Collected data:
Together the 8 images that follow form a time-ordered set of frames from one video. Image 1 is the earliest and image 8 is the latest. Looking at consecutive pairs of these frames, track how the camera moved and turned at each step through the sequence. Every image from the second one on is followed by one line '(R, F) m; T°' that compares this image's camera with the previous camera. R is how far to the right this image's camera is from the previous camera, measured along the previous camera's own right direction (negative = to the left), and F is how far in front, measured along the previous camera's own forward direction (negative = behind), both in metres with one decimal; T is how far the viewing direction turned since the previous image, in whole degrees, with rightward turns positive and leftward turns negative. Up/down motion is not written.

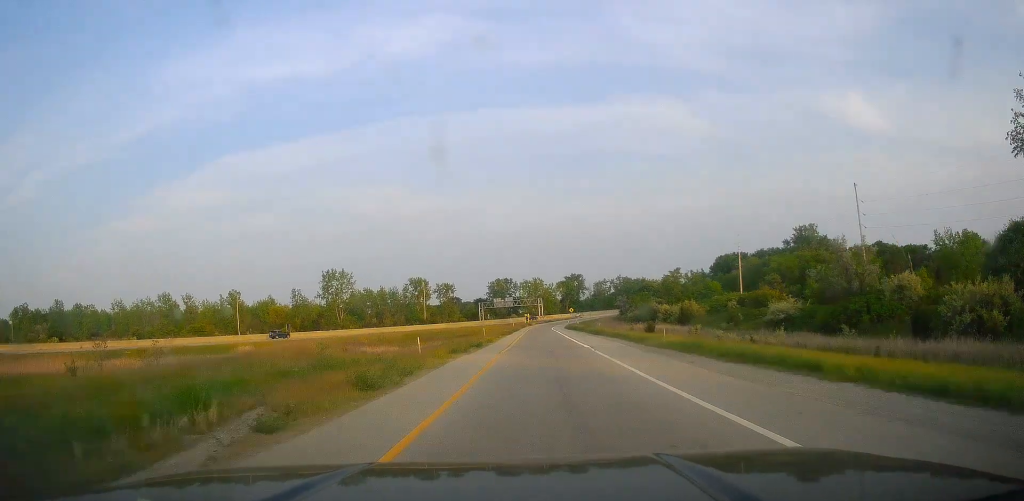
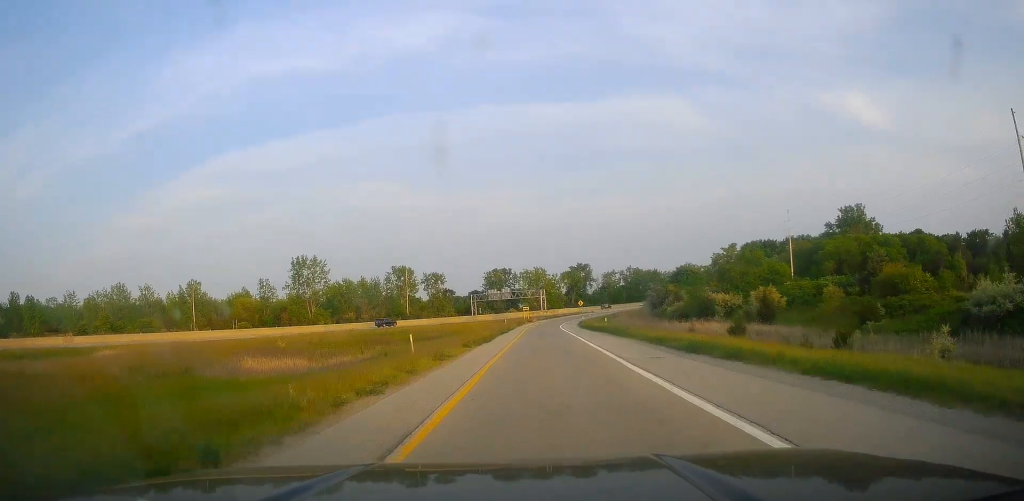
(+0.1, +34.5) m; -1°
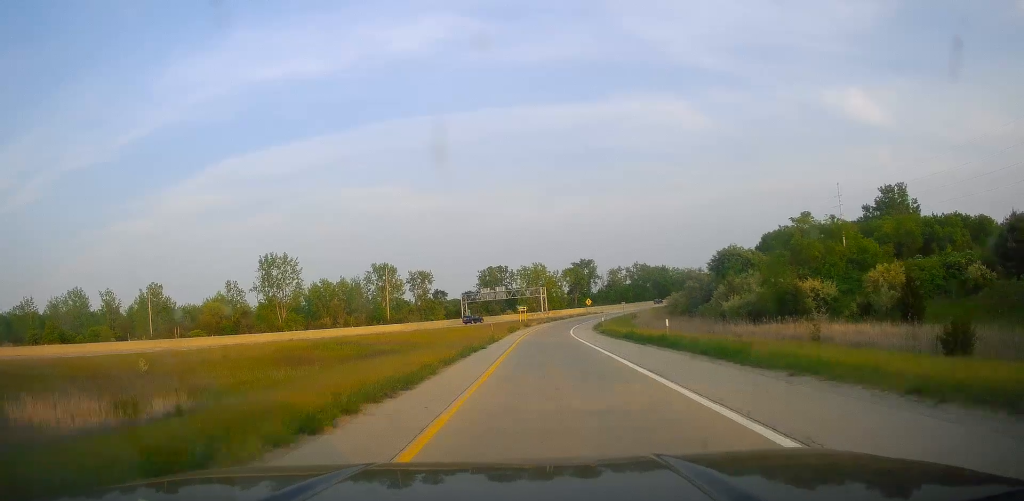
(-0.7, +26.4) m; 0°
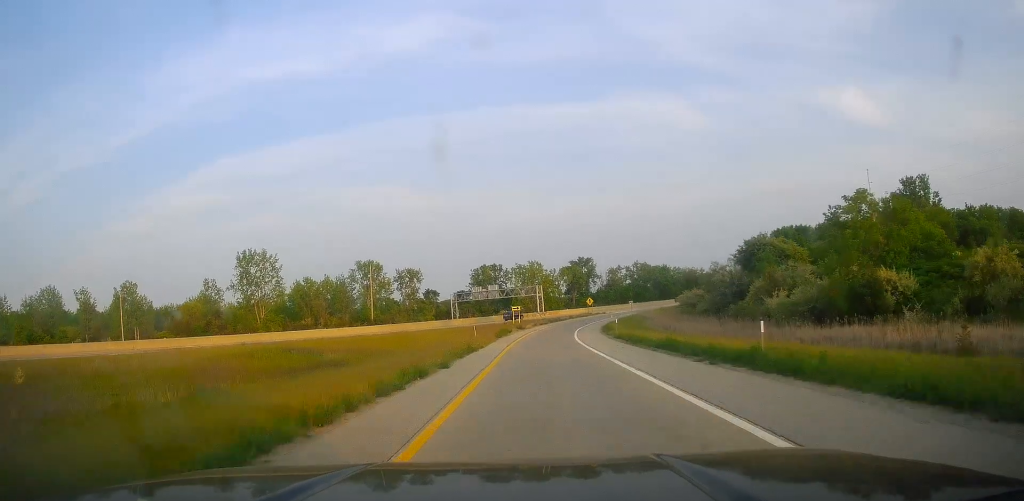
(-0.1, +13.2) m; 0°
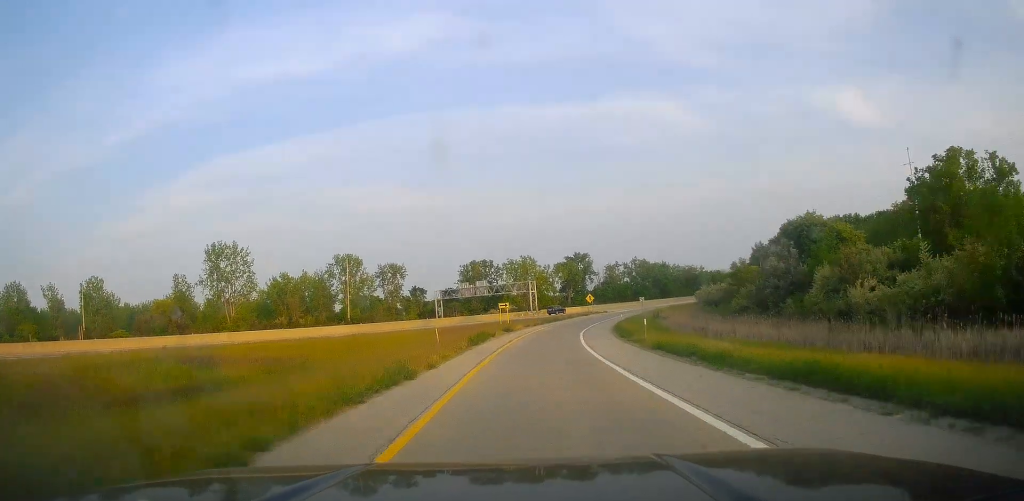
(+0.4, +15.1) m; +1°
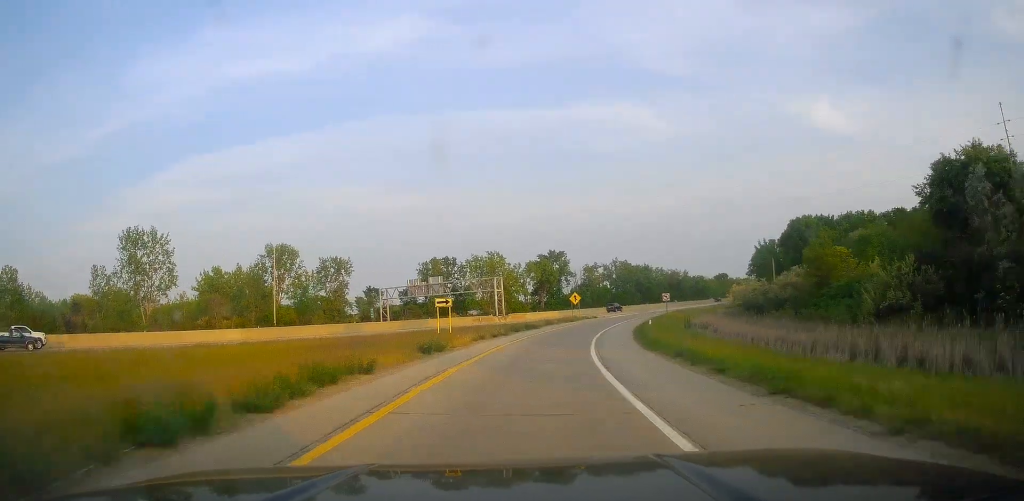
(0.0, +28.6) m; +2°
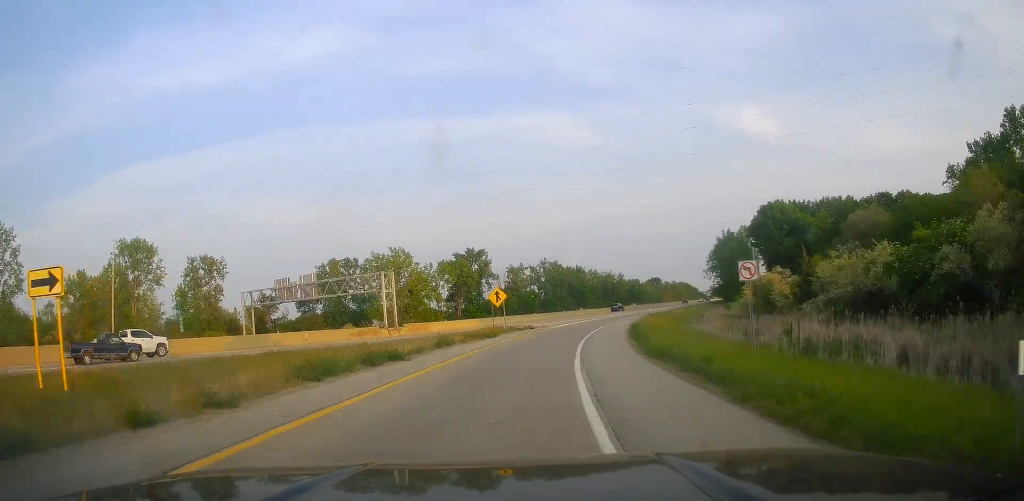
(+1.4, +32.2) m; +5°
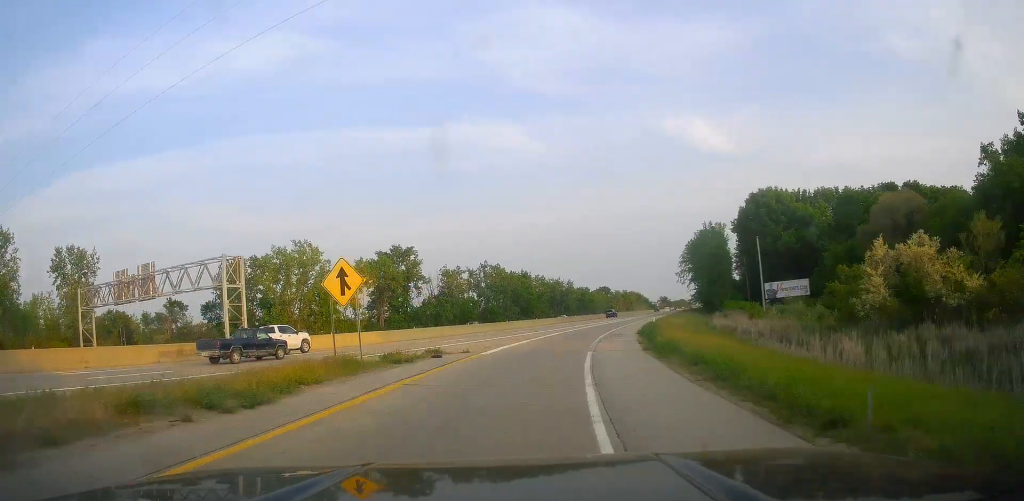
(+1.0, +28.2) m; +6°

## WORK ITEM
The entries are to be restated word for word, and no picture should appear in the copy.

## EXERCISE OUTPUT
Together the 8 images that follow form a time-ordered set of frames from one video. Image 1 is the earliest and image 8 is the latest. Looking at consecutive pairs of these frames, track how the camera moved and turned at each step through the sequence. Every image from the second one on is followed by one line '(R, F) m; T°' that compares this image's camera with the previous camera. R is how far to the right this image's camera is from the previous camera, measured along the previous camera's own right direction (negative = to the left), and F is how far in front, measured along the previous camera's own forward direction (negative = behind), both in metres with one decimal; T is how far the viewing direction turned since the previous image, in whole degrees, with rightward turns positive and leftward turns negative. Up/down motion is not written.

(+0.1, +34.5) m; -1°
(-0.7, +26.4) m; 0°
(-0.1, +13.2) m; 0°
(+0.4, +15.1) m; +1°
(0.0, +28.6) m; +2°
(+1.4, +32.2) m; +5°
(+1.0, +28.2) m; +6°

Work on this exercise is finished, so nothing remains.